The researchers defined light media as media that's happy, upbeat, and that distracts people from the challenges of everyday life. Meanwhile, heavy media is sad, dark, fosters introspection, and confronts difficult themes.
One theory, the broaden-and-build theory, proposes that positive emotions encourage people to broaden their attention, explore, and more easily incorporate novel information. Positive mood might act as a resource: those who are “rich” in positive mood might be less put off by the possibility of interacting with negative information.
When the economy is good, and there are fewer stressors in our lives, people might experience more positive emotions and be able to handle the dark themes of heavy media. But when the economy is bad, people might not have the positive mood stores needed to engage with heavy subjects and introspection.
That’s the pattern when it comes to New Yorker cartoons.
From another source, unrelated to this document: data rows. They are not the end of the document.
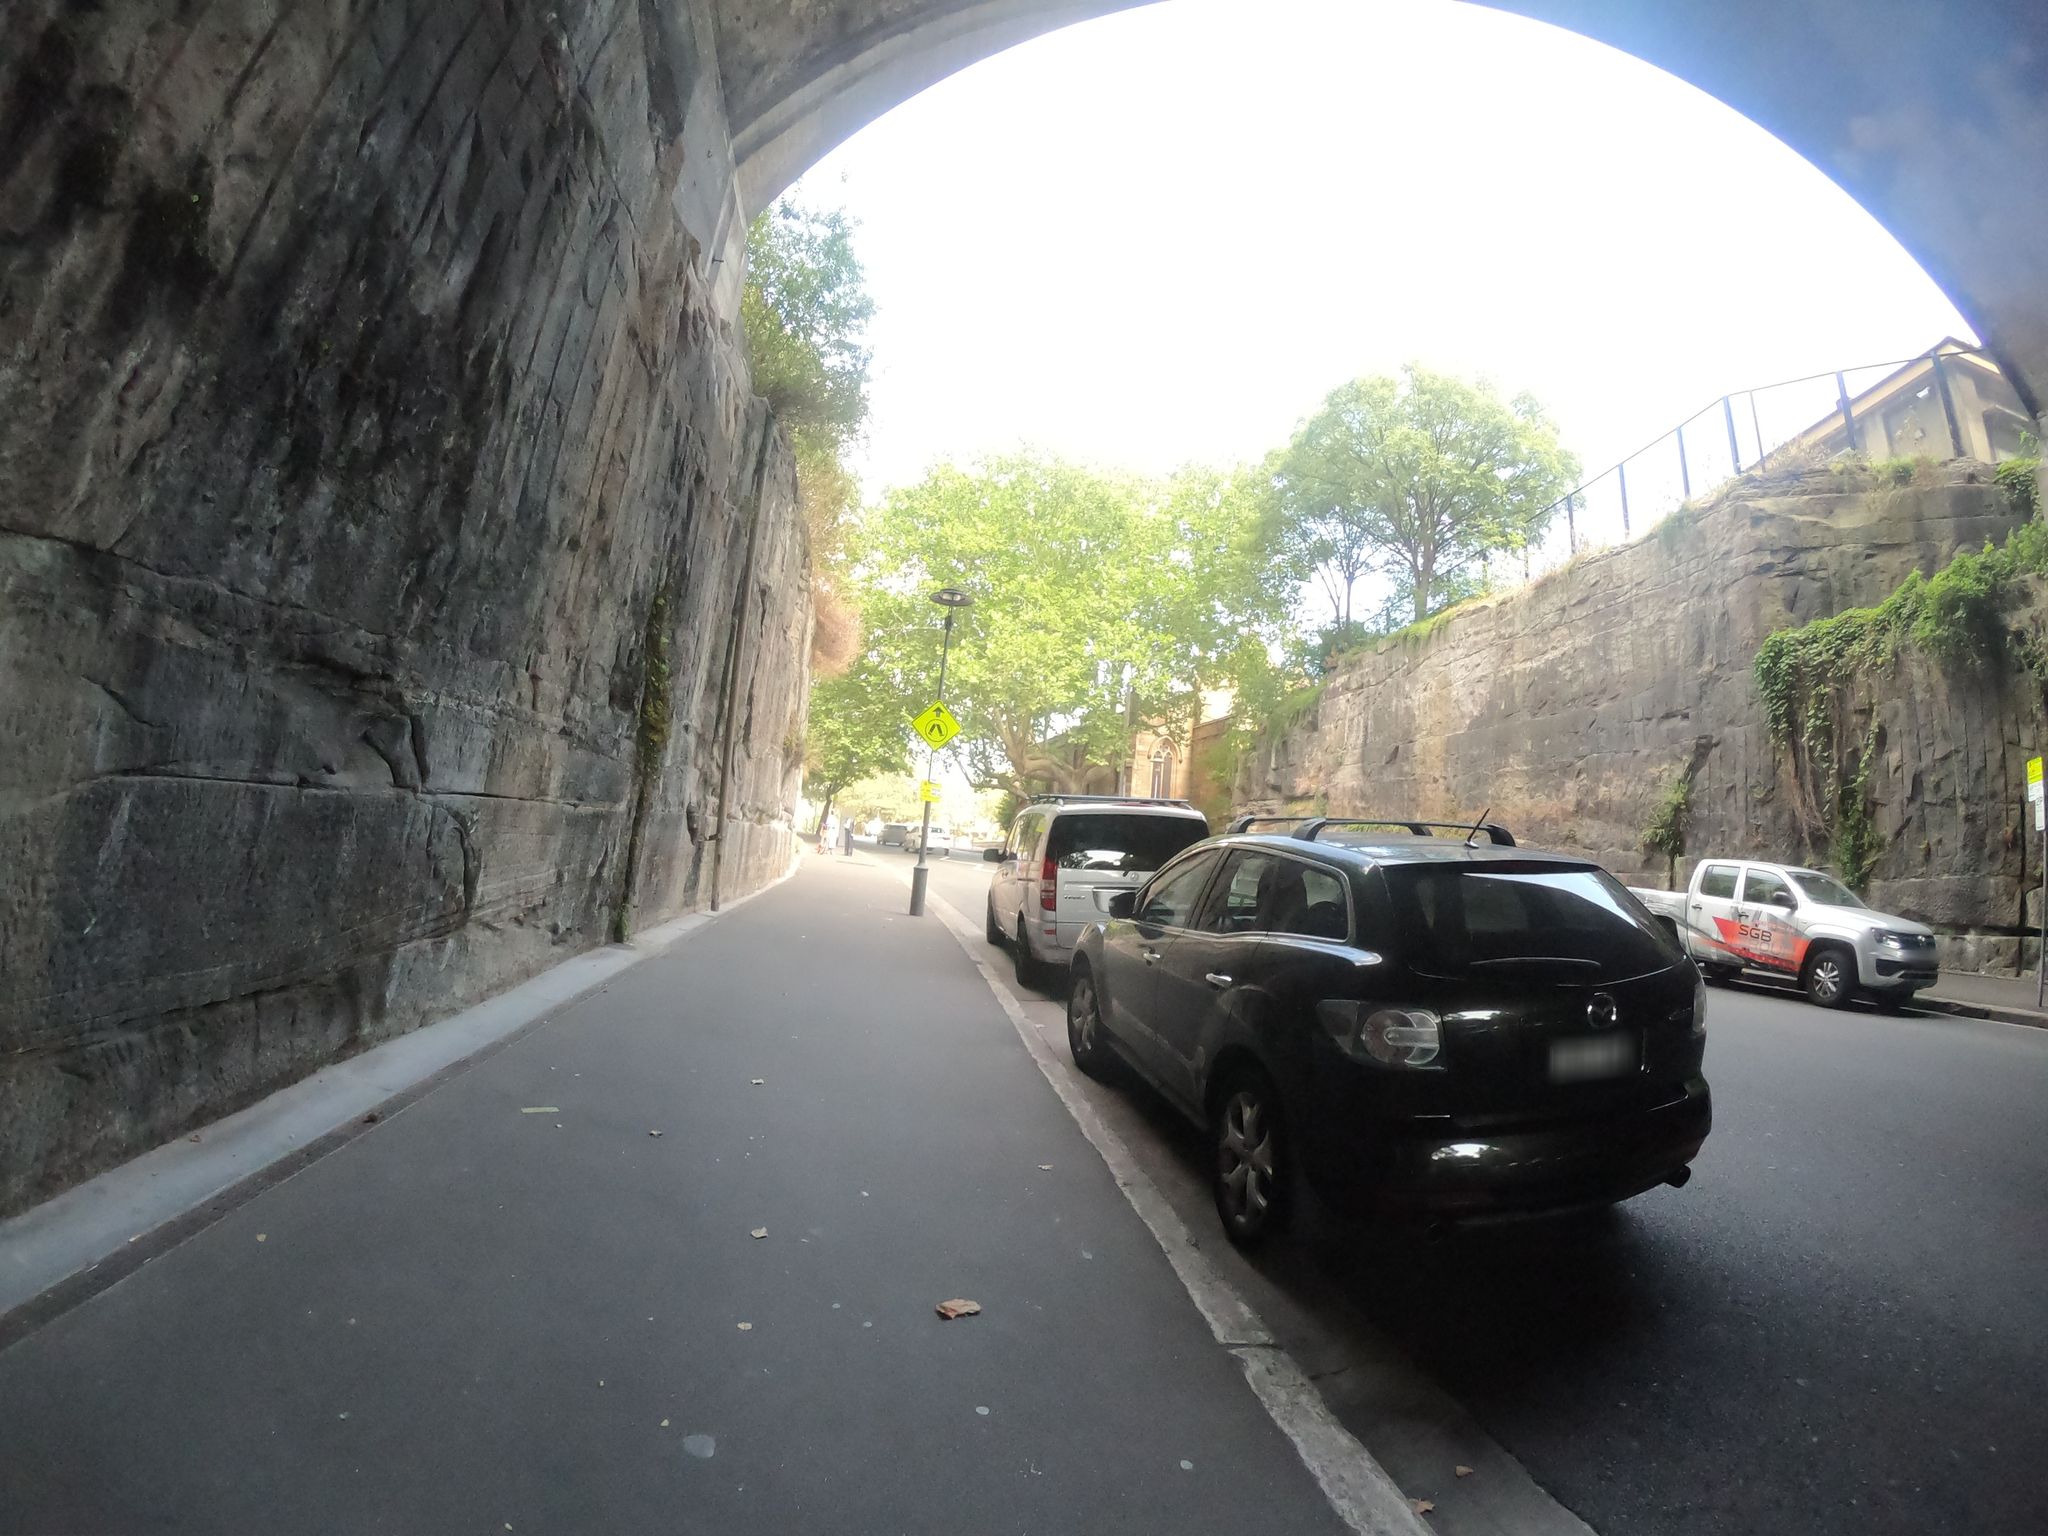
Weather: clear
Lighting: day
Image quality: good
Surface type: driving surface
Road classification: residential, unclassified
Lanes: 4
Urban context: urban centre
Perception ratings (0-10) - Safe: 1.8, Lively: 4.53, Beautiful: 6.94, Boring: 8.48, Depressing: 2.83, Wealthy: 3.2
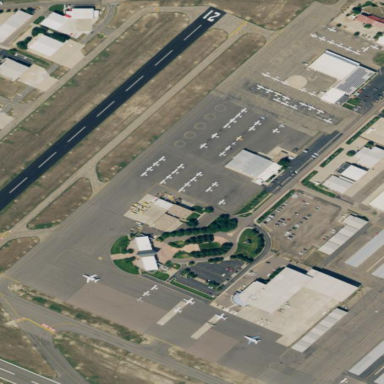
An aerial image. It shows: Apron at the airport.
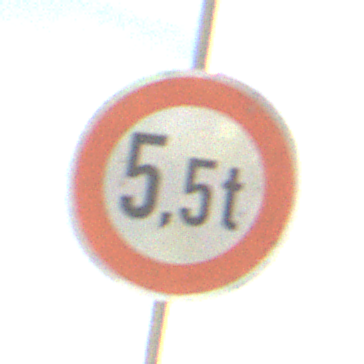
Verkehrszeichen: TatsaechlicheMasse
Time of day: SunriseSunset
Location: Outdoor (Nature)
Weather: PartlyCloudy
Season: Summer
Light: Natural
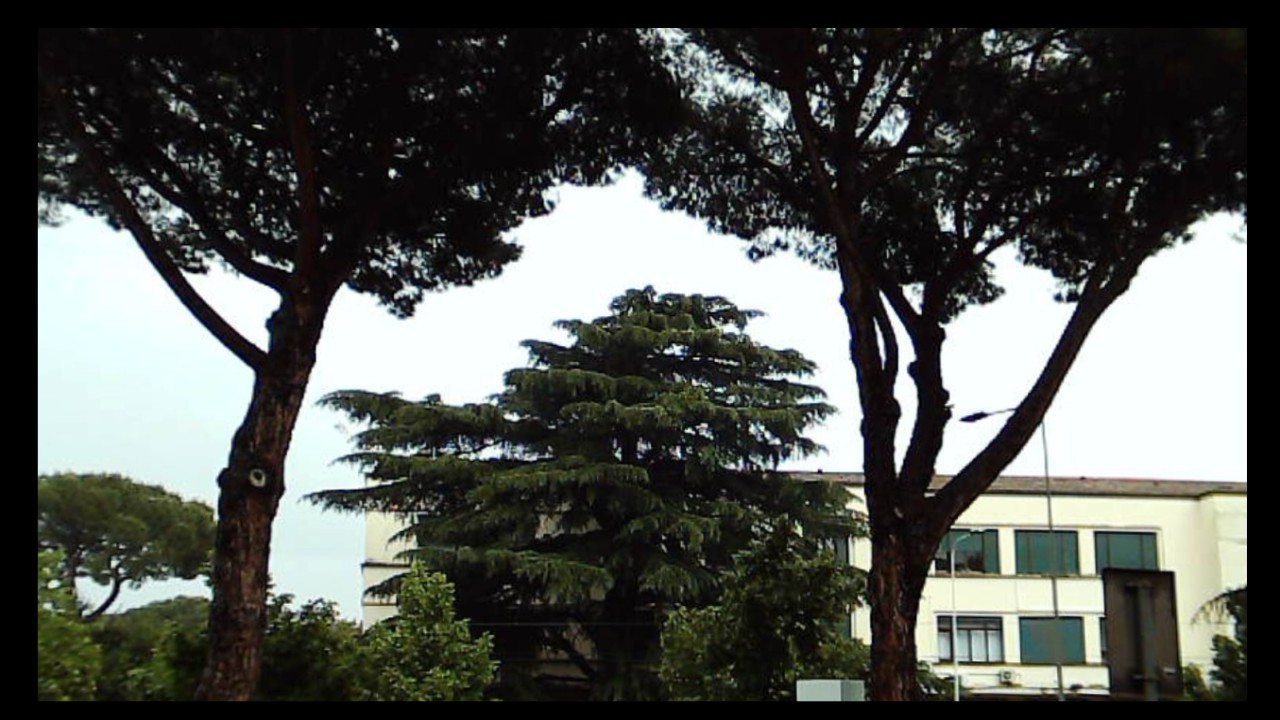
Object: DarwinFPV cineape20
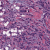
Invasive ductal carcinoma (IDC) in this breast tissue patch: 1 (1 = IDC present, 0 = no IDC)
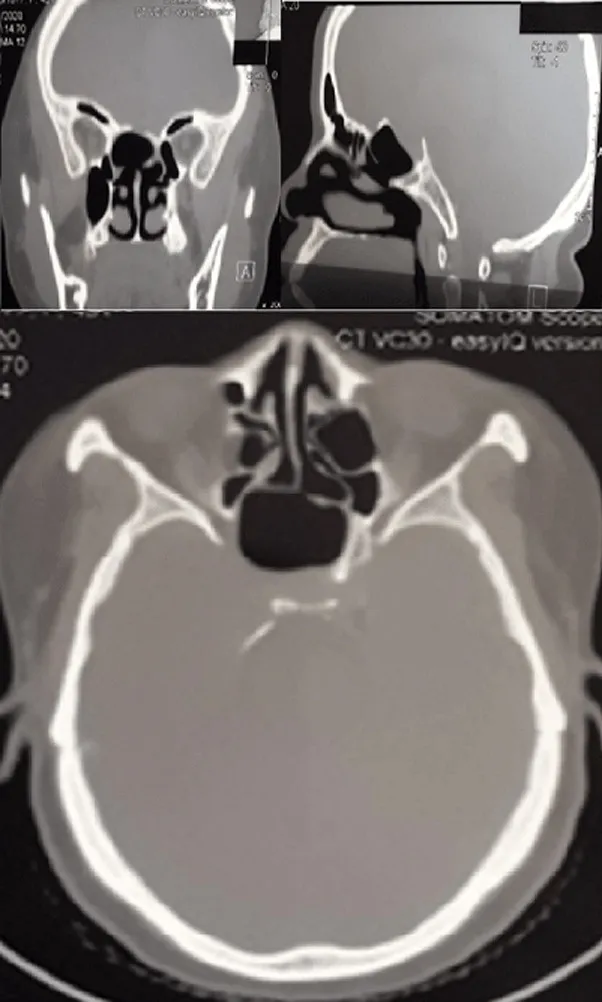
CT scan of the head, one month after the endoscopic surgical treatment, there is perfect aeration of the sphenoid sinus.
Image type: radiology (ct)
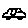
Label: car
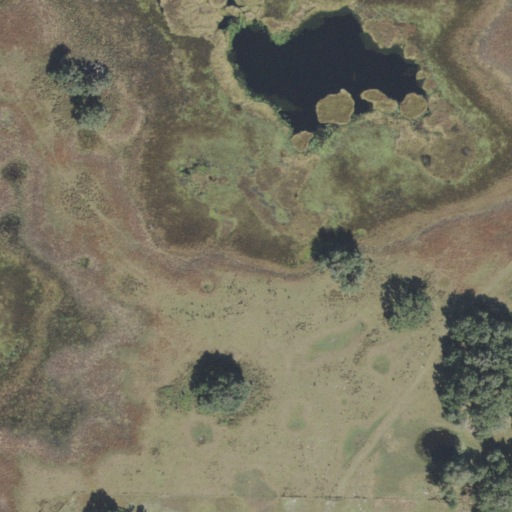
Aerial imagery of plain(s) in Florida named Kanapaha Prairie containing pasture, woody wetlands, herbaceous wetlands, evergreen forest, open water, and grassland
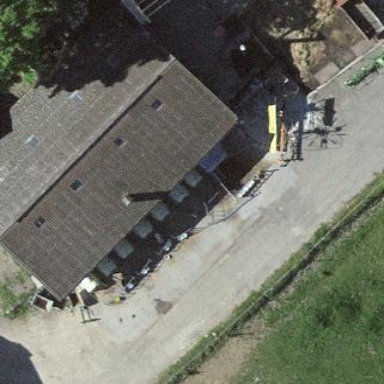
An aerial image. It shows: Farm auxiliary building.

In one experiment, the researchers collected all the cartoons that appeared in New Yorker issues from 1952, 1962, 1972, 1982… up to 2012. There were 6435 cartoons in total. Next, over 1400 participants rated 15+ cartoons on different dimensions. The key dimensions were the tone of the cartoon (whether the cartoon paints a negative or positive picture of humanity) and its darkness, which were combined into a composite score. The scores of the cartoons for each month were averaged to give an overall score of how light (or dark) each month’s tone was.
The researchers then examined the relationship between cartoon tone and two measures of the U.S. economy: the unemployment rate and the University of Michigan's Index of Consumer Sentiment, or ICS. The ICS is a monthly survey of a representative sample of Americans and asks questions like “Do you think that during the next 12 months we'll have good times financially, or bad times, or what?” For whatever reason, the index is normed so that a score of 100 is equivalent to how consumers felt in May 1964. Its range is quite large, with a low of 51.7 (May 1980) and a high of 112 (January 2000).
In line with predictions, New Yorker cartoons had a lighter tone in months when unemployment was high and ICS was low. As an aside, the researchers also found a relationship between the passage of time and the emotional tone – more recent cartoons were darker in tone (if you thought the New Yorker was getting bleaker, you’re right!).
As of December 2020, the ICS is 81.4, around 18% lower than the same time last year. Last month’s unemployment rate was almost twice as high as last year’s. And current New Yorker cartoons are light, as we’d expect.
The study found similar patterns for other media types: music, books, and movies. For example, while it’s not a perfect distinction, songs in minor key tend to sound sadder than songs in major key (seriously, this version of R.E.M.’s Losing My Religion shifted to a major key is uncannily poppy). Lighter sounds dominated music when the economy was worse: there were proportionally more #1 hits in major key when unemployment was high and when consumer sentiment was low.
The same pattern held for books. The researchers collected the #1 New York Times bestsellers and categorized them into 12 genres. Six were considered heavy (drama, crime, thriller, mystery, etc.), and six were considered light (e.g., science fiction, historical fiction, fantasy, comedy). Lighter books performed better when consumer sentiment was low.
Movies? Same deal. Lighter movies were more likely to reach number one at the box office when consumer sentiment was low and unemployment high.
In a cool (research) twist, in a final experiment, participants were told to imagine the economy was good, bad, or were asked to do a different, neutral, task. Those people who imagined living through a bad economy were more likely to prefer re-watching light (vs. heavy) movies that they had seen recently. Hoowee.
Image source. People who had vividly imagined living in a bad economy wanted to rewatch light (vs. heavy) movies they’d seen recently.
So that about covers some cool effects of the economy on discretionary purchases: our ever-changing tastes in books, tv programs, durable goods, and New Yorker cartoons.
We’ll see how ice cube makers do next year.